Computation time for the four methods to reconstruct the DT-MR data: the blue solid bar and small vertical bar at the top end of the blue bar represent the average and the standard deviation of computational times for the four methods, respectively, after testing the four median filters five times for each.

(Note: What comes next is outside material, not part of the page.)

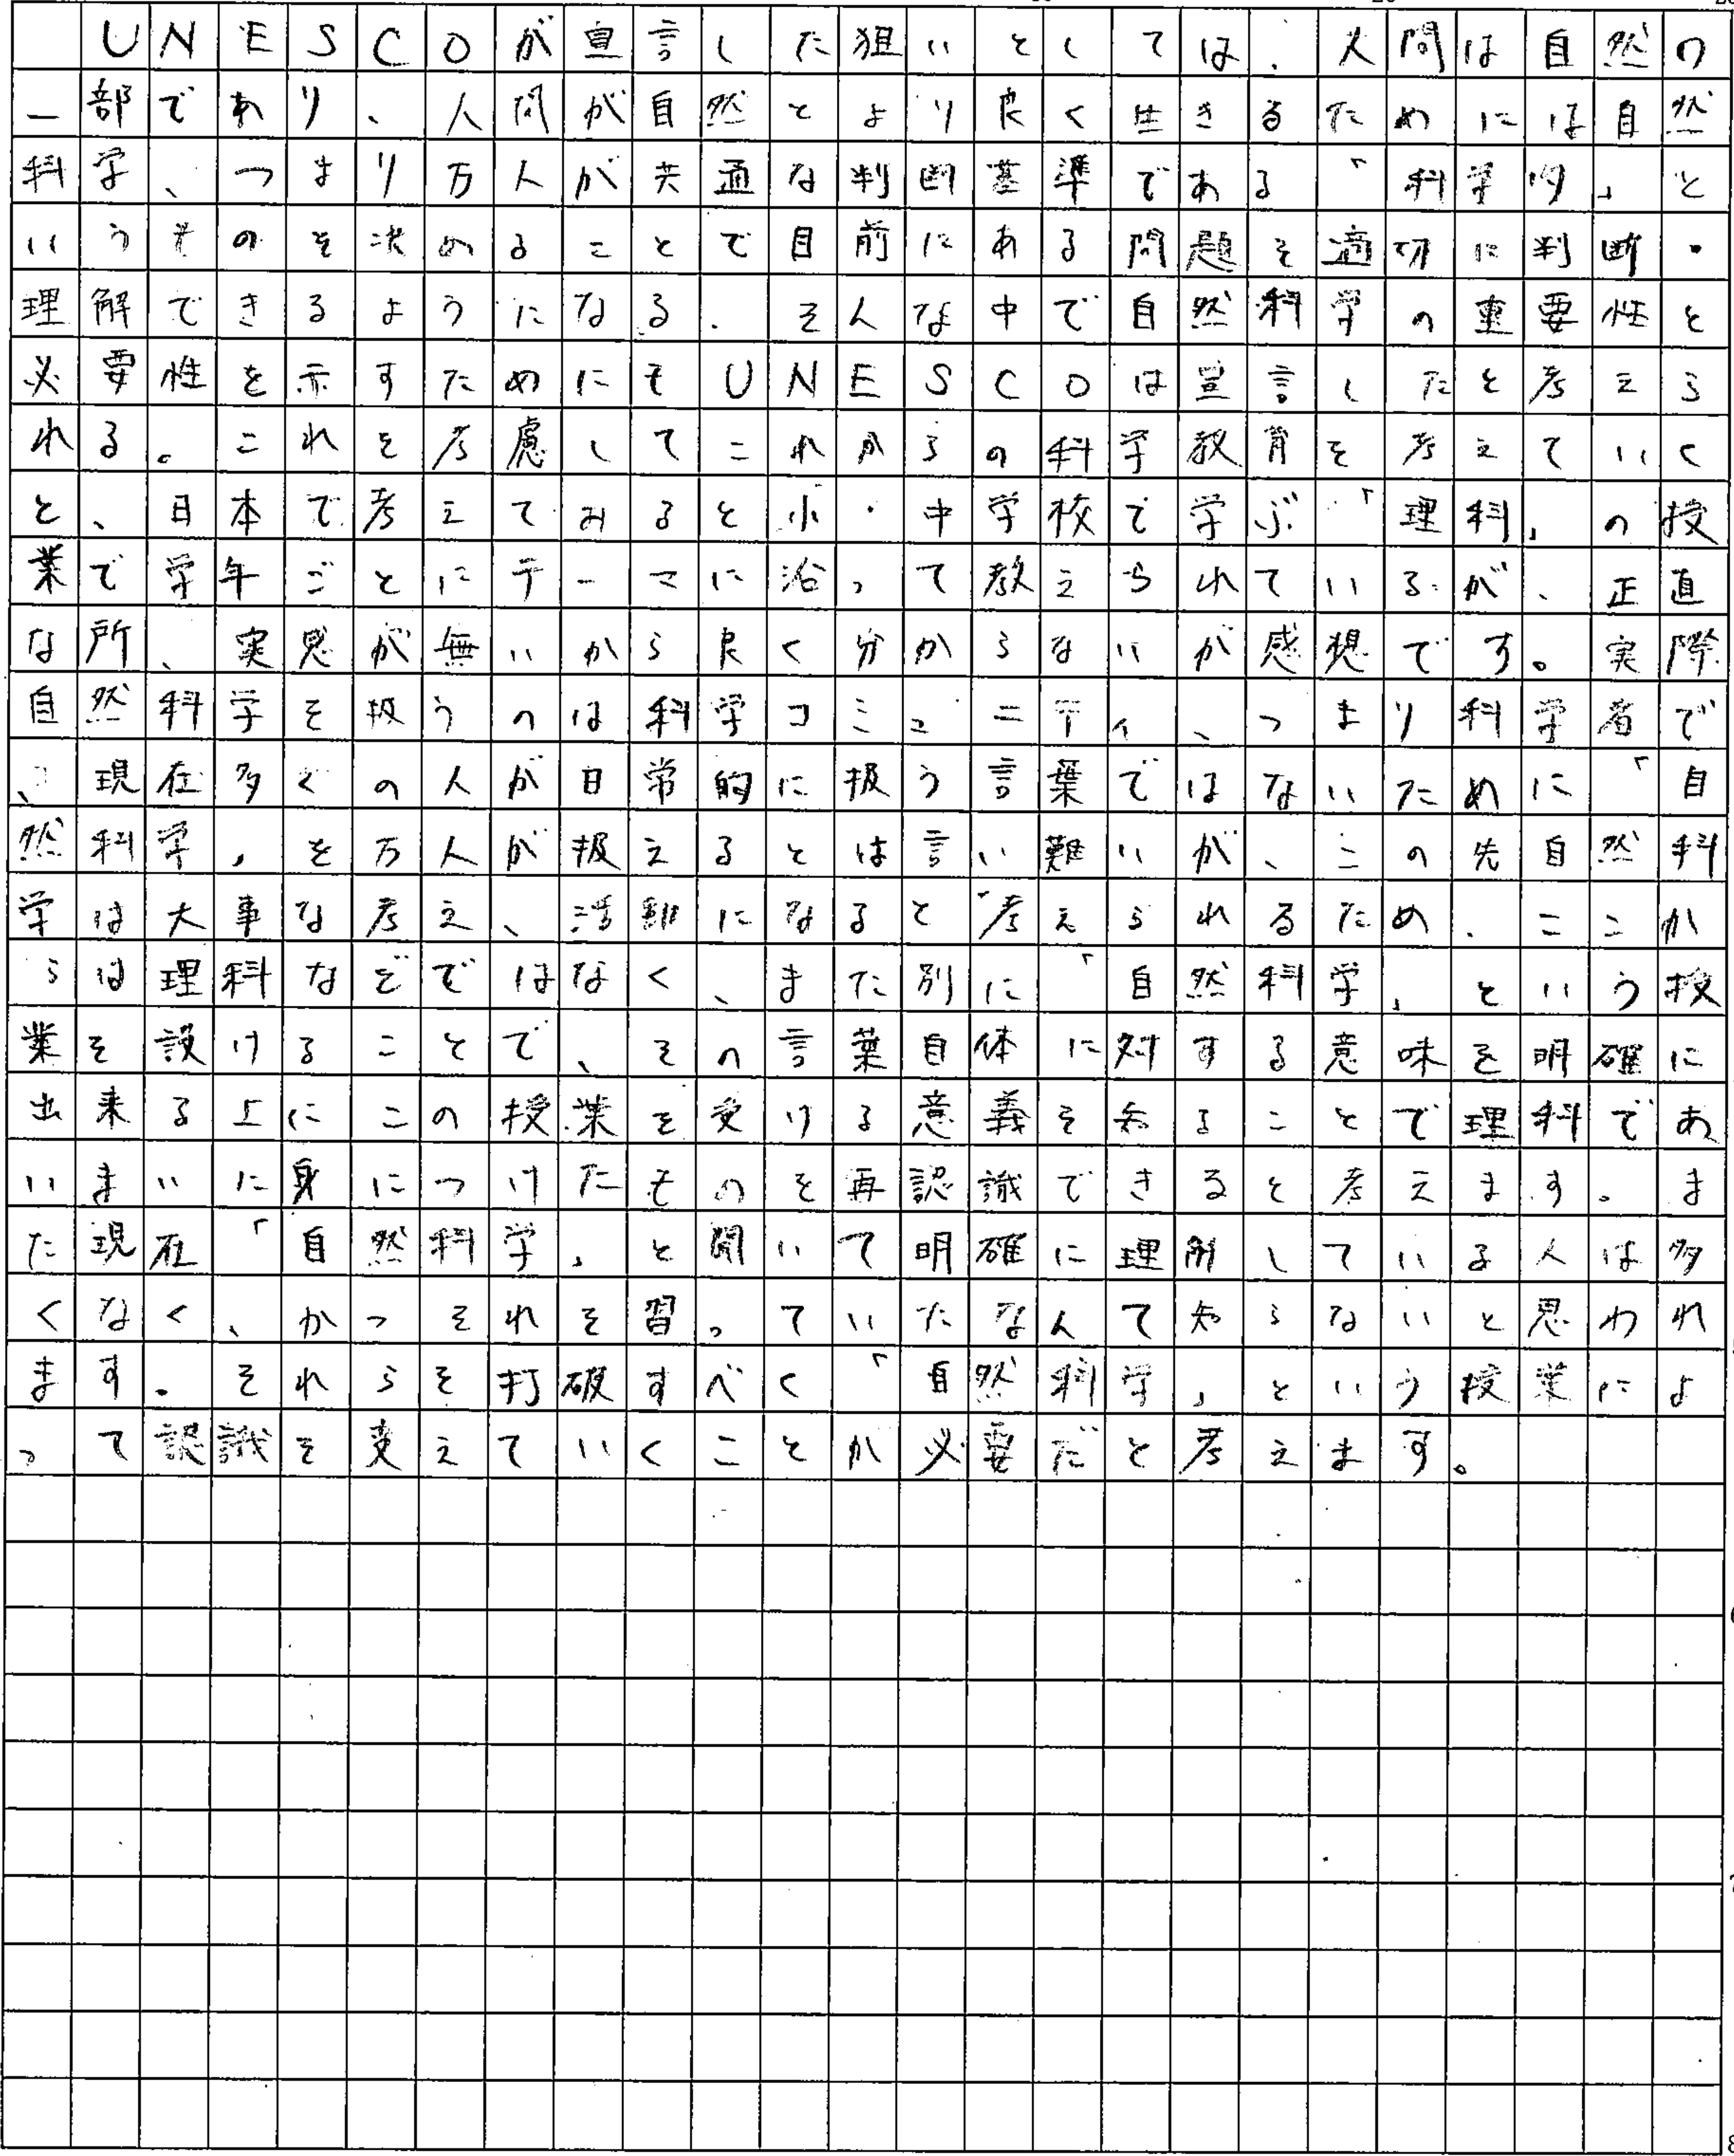　ＵＮＥＳＣＯが宣言した狙いとしては、人間は自然の一部であり、人間が自然とより良く生きるためには自然科学、つまり万人が共通な判断基準である「科学的」というものを決めることで目前にある問題を適切に判断・理解できるようになる。そんな中で自然科学の重要性と必要性を示すためにもＵＮＥＳＣＯは宣言したと考えられる。これを考慮してこれからの科学教育を考えていくと、日本で考えてみると小・中学校で学ぶ「理科」の授業で学年ごとにテーマに沿って教えられているが、正直な所、実感が無いから良く分からないが感想です。実際自然科学を扱うのは科学コミュニティ、つまり科学者で、現在多くの人が日常的に扱う言葉ではないために「自然科学」を万人が扱えるとは言い難いが、この先自然科学は大事な考え、活動になると考えられるため、ここからは理科などではなく、また別に「自然科学」という授業を設けることで、その言葉自体に対する意味を明確に出来る上にこの授業を受ける意義を知ることで理科であいまいに身につけたものを再認識できると考えます。また現在「自然科学」と聞いて明確に理解している人は多くなく、かつそれを習っていたなんて知らないと思われます。それらを打破すべく「自然科学」という授業によって認識を変えていくことが必要だと考えます。

The calculation time average and standard deviation for the four methods are graphed in Figure 12. Intel Pentium with 3 GHz CPU and 2 GB RAM was used for the simulation. The difference of calculation times for SM2D and SF2D is not so remarkable, as we know how exactly SF2D recover fiber tracts than SM2D from Figures 7 and 11. And the difference of computation times between SF2D and SF3D is not so outstanding, since we also know the efficiency of SF3D from previous figures. That is to say, even though SF3D needs a little more computation time than SF2D, SF3D recover DT-MR image far better than SF2D. However, SM3D needs too much time than the other three methods and recovering error is larger than SF2D and slightly better than SM2D.
5. Conclusion
In this study, we developed three-dimensional median filters SM3D and SF3D, extending previously developed SM2D and SF2D in [19]. We implemented three kinds of synthetic data with different altitude angle deviating from the axial slices and one human data form MR scanner. As altitude angle increase from the xy-plane we observed that three dimensional median filters more efficient than two-dimensional filters. For all four synthetic and human data, the four median filters (SM2D, SF2D, SM3D, and SF3D) have same tendency with respect to AAE and AFA errors: three-dimensional filters show superior results to corresponding two-dimensional median filters and SF filters show better reconstruction than SM filters. With respect to computation time, SF2D or SF3D filters need not so much time compared to SM2D filter but SM3D filter needs far more computation time than the other three filters. Therefore, SF3D is proved to be the most efficient median filters and is supposed to be one of powerful regularization methods.
Conflict of Interests
The authors declare that there is no conflict of interests regarding the publication of this paper.
Acknowledgments
This research was supported by the Leading Foreign Research Institute Recruitment Program through the National Research Foundation of Korea (NRF) funded by the Ministry of Science, ICT & Future Planning (2010-00757), and by Basic Science Research Program through the National Research Foundation of Korea (NRF) funded by the Ministry of Education (NRF-2013R1A1A2010624).